The task: Exact copy, pictures excluded: the lines from the one containing "Shot 1.1 sec after image 1." to the end of the listing.

#### Extracted information ####

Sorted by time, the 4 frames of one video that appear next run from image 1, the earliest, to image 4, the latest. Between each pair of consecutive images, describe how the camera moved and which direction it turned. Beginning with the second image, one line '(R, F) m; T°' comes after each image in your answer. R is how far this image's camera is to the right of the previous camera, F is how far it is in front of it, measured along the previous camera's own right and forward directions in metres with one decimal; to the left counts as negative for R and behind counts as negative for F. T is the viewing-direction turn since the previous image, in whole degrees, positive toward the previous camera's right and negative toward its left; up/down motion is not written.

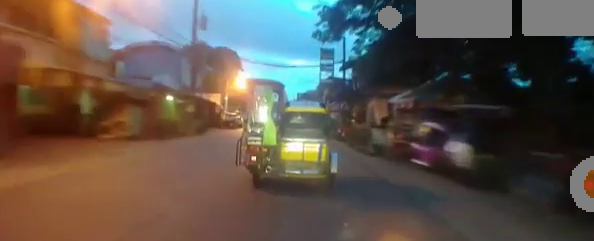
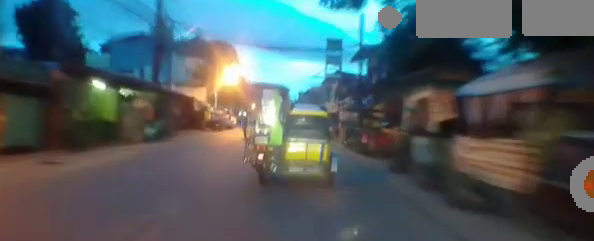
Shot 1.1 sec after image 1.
(-0.2, +6.3) m; 0°
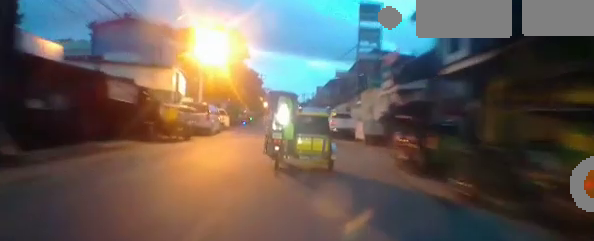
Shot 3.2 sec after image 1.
(+0.2, +12.0) m; -5°
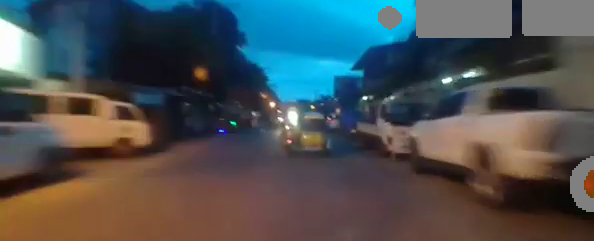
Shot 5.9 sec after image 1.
(-0.9, +17.0) m; +3°

####

Task output:
Shot 1.1 sec after image 1.
(-0.2, +6.3) m; 0°
Shot 3.2 sec after image 1.
(+0.2, +12.0) m; -5°
Shot 5.9 sec after image 1.
(-0.9, +17.0) m; +3°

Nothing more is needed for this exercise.